**What is needed:**
A verbatim repetition of the data below is requested, without images.

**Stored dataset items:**
◇ ◇ ◇ ◇ ◇ ◇ ◇

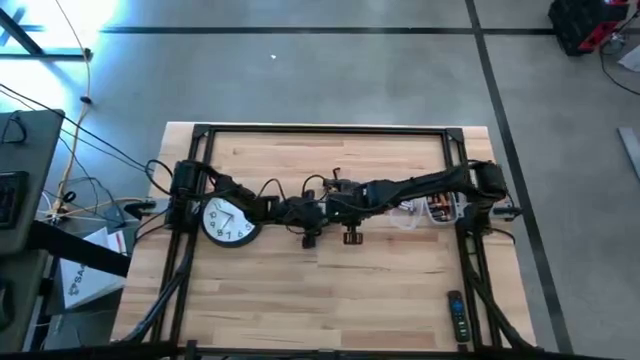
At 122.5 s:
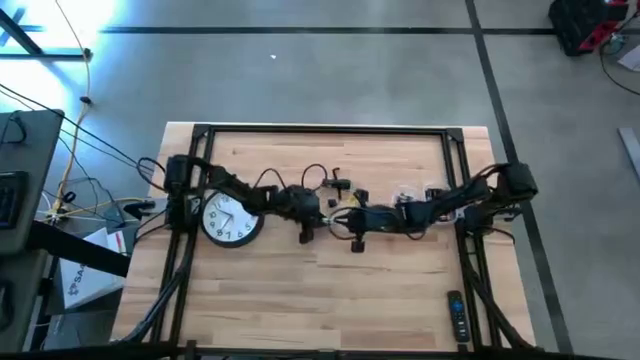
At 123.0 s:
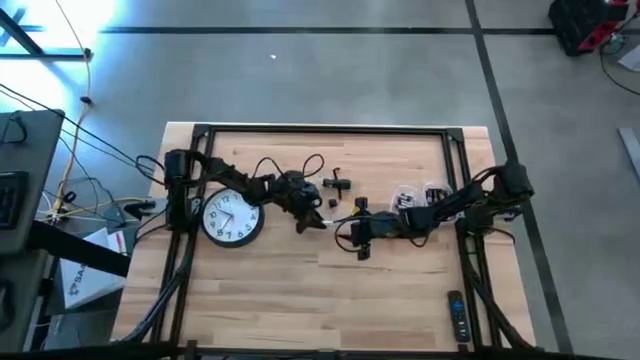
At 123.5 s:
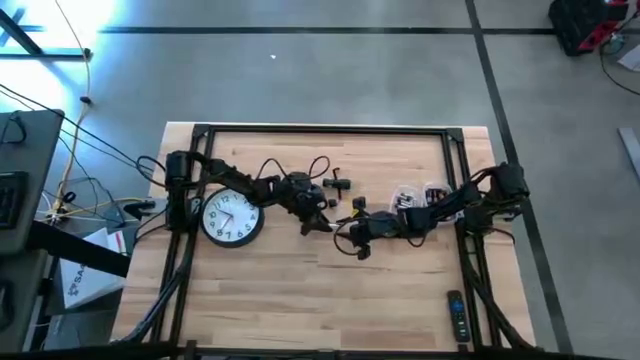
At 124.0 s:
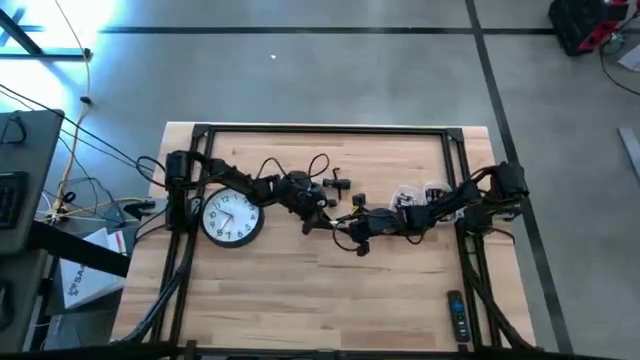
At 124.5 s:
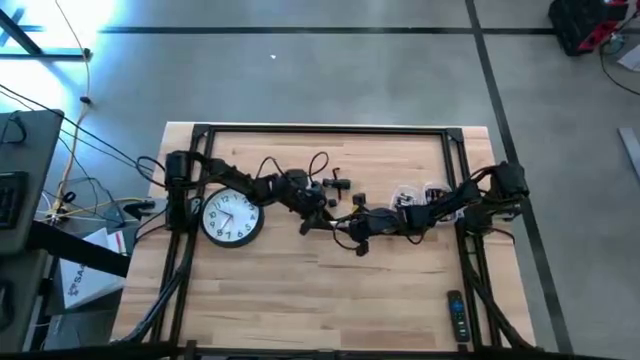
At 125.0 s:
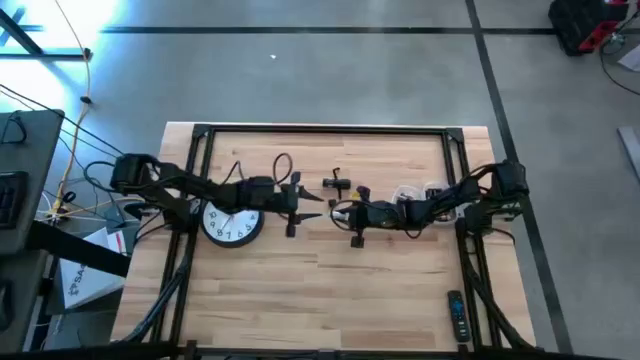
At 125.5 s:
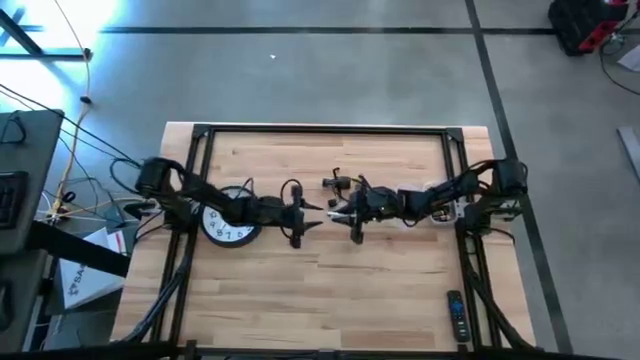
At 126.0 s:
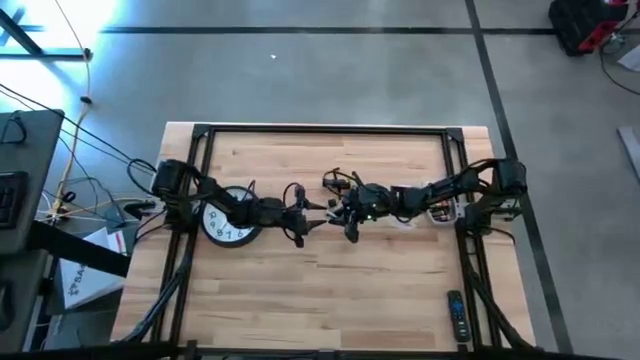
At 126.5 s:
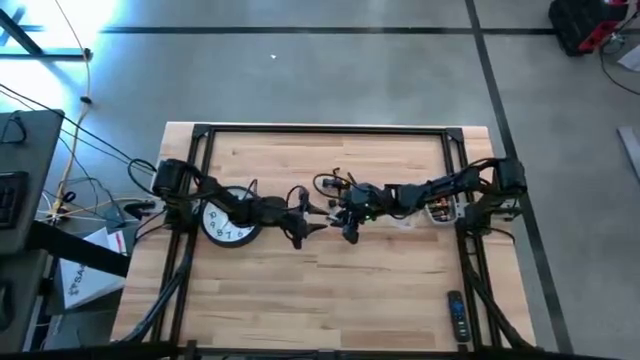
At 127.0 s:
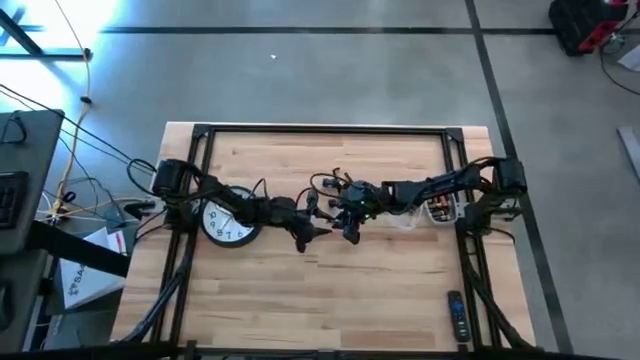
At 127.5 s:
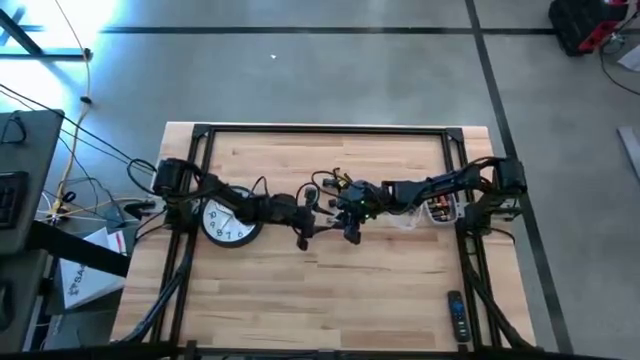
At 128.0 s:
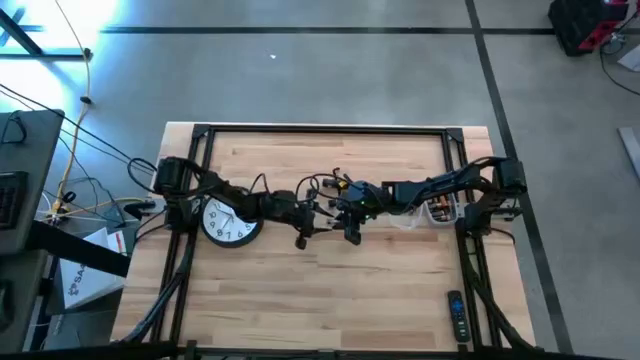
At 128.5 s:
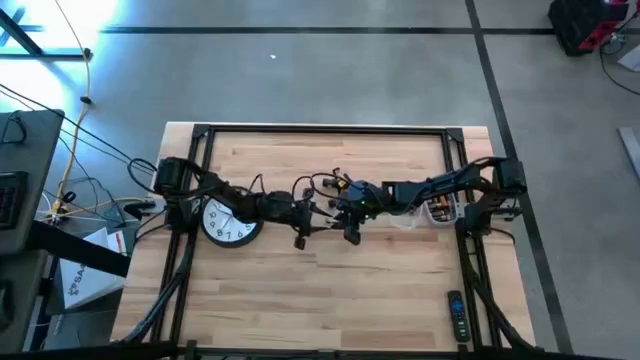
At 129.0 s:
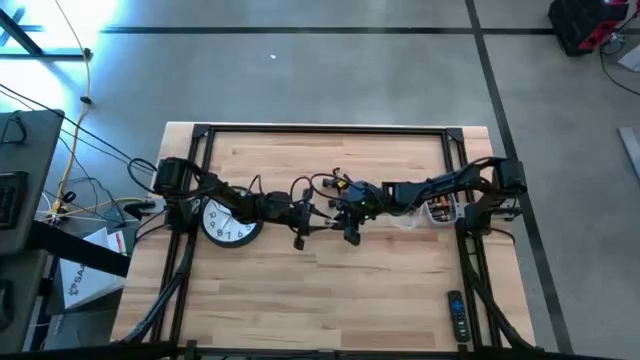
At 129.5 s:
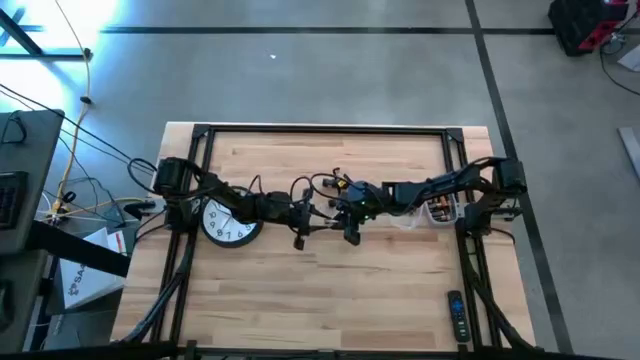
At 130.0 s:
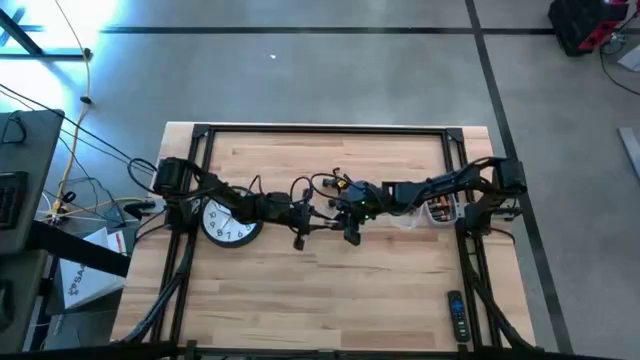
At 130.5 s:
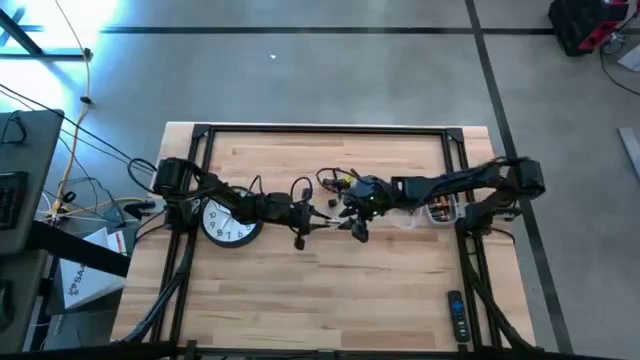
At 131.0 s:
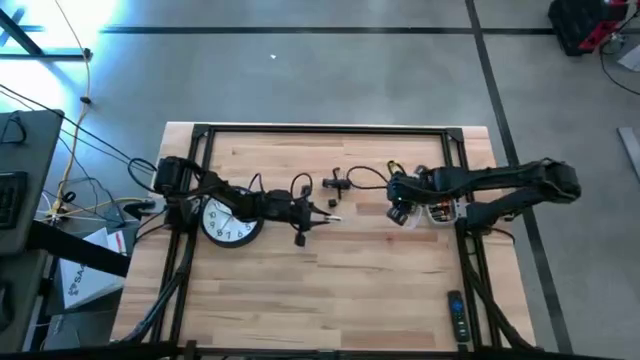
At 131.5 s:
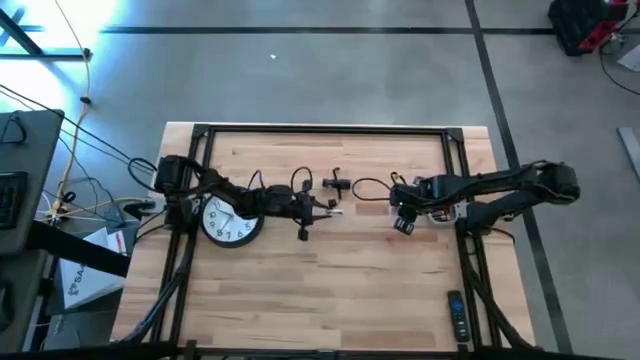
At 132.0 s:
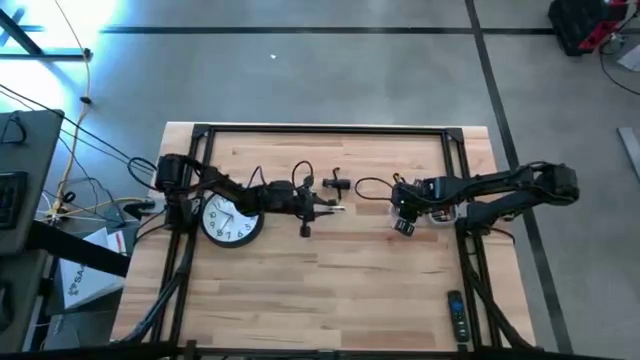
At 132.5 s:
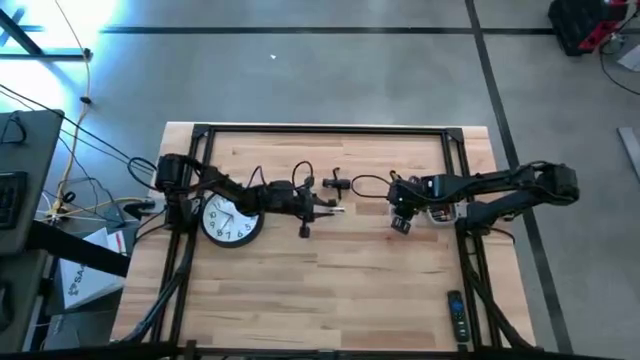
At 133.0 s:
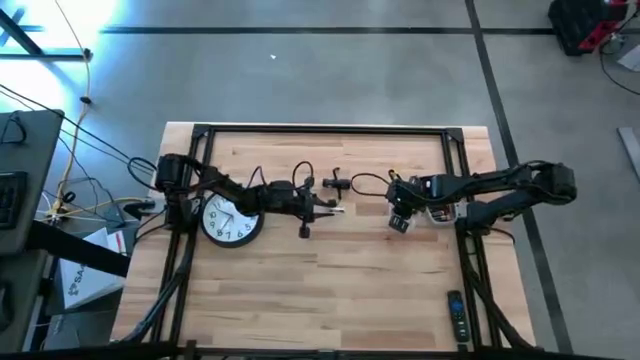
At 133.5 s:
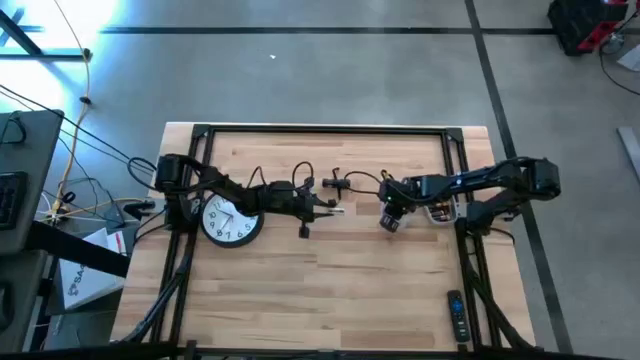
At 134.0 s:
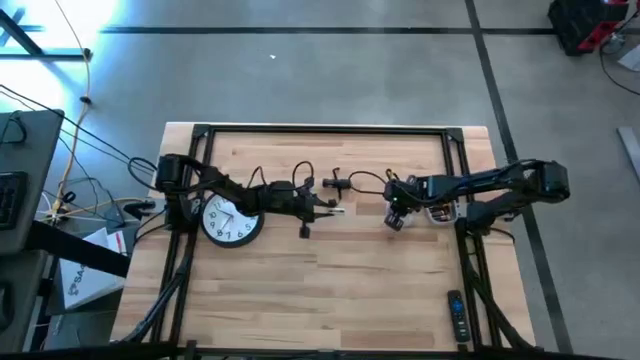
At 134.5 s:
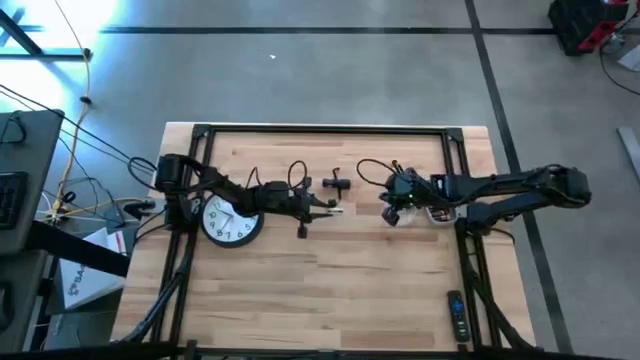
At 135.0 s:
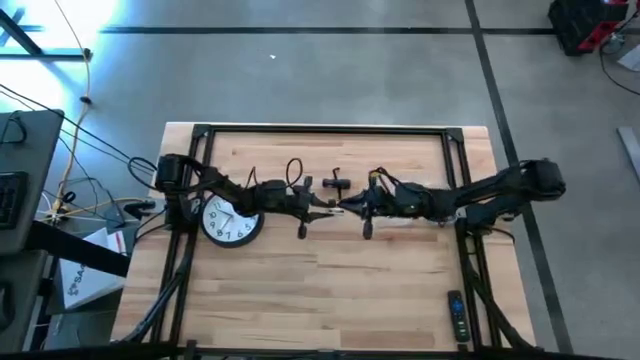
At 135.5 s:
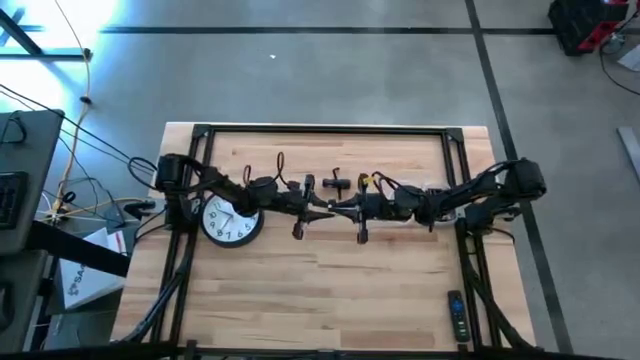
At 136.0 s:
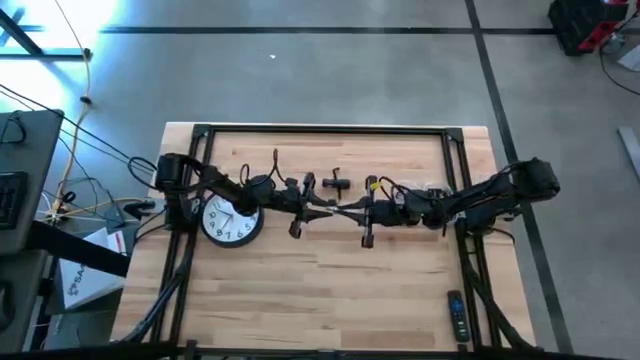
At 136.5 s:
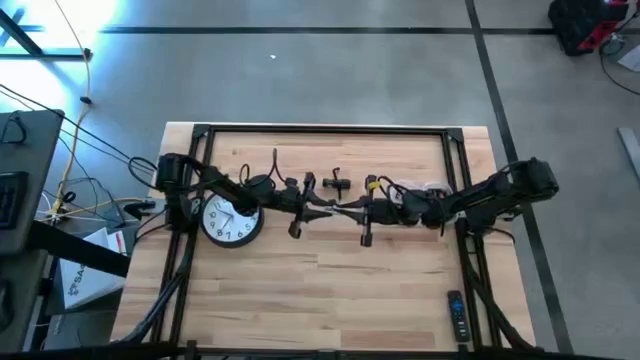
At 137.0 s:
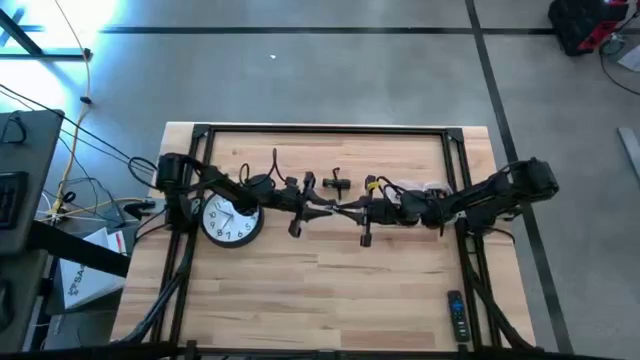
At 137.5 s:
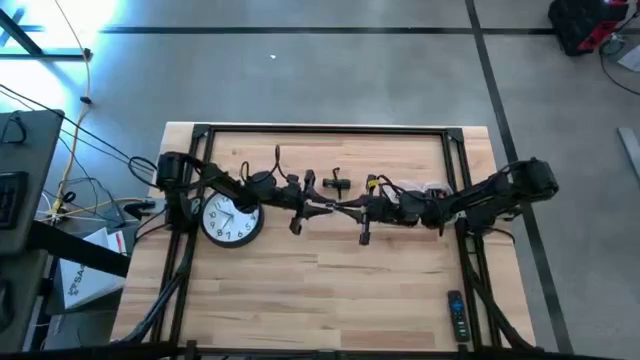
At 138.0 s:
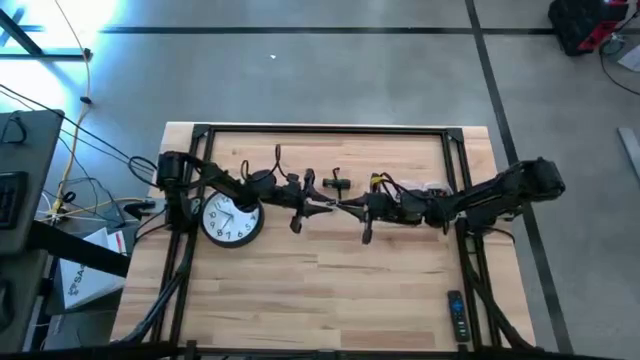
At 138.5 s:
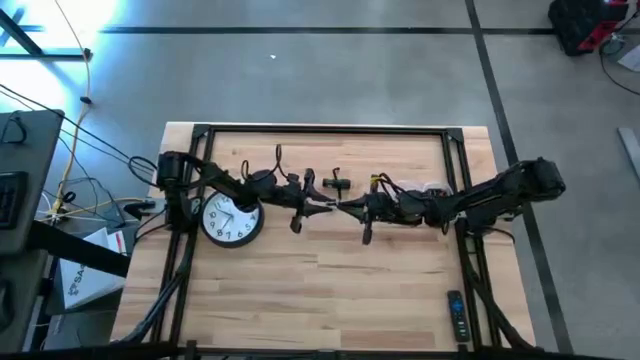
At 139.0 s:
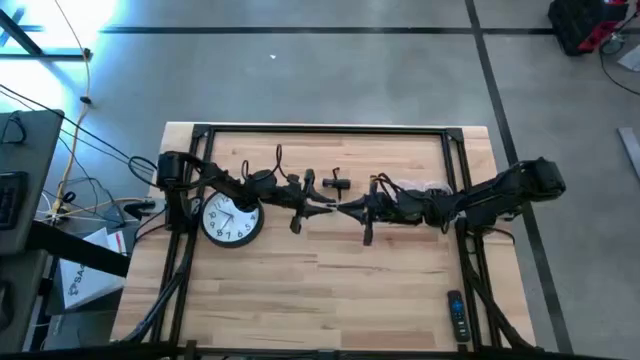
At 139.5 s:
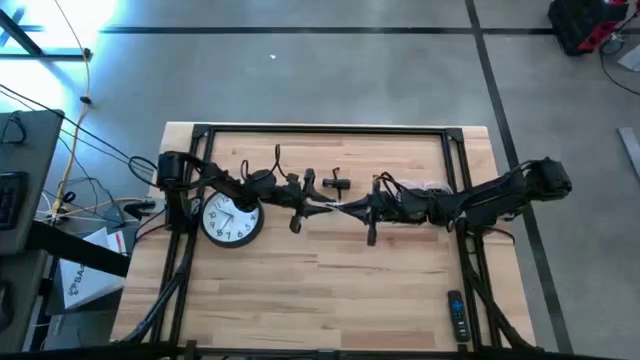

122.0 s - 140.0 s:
Task: Insert battery
Insert the silver battery into the white battery case

◇ ◇ ◇ ◇ ◇ ◇ ◇

**Solution to this task:**
At 122.5 s:
At 123.0 s:
At 123.5 s:
At 124.0 s:
At 124.5 s:
At 125.0 s:
At 125.5 s:
At 126.0 s:
At 126.5 s:
At 127.0 s:
At 127.5 s:
At 128.0 s:
At 128.5 s:
At 129.0 s:
At 129.5 s:
At 130.0 s:
At 130.5 s:
At 131.0 s:
At 131.5 s:
At 132.0 s:
At 132.5 s:
At 133.0 s:
At 133.5 s:
At 134.0 s:
At 134.5 s:
At 135.0 s:
At 135.5 s:
At 136.0 s:
At 136.5 s:
At 137.0 s:
At 137.5 s:
At 138.0 s:
At 138.5 s:
At 139.0 s:
At 139.5 s:

122.0 s - 140.0 s:
Task: Insert battery
Insert the silver battery into the white battery case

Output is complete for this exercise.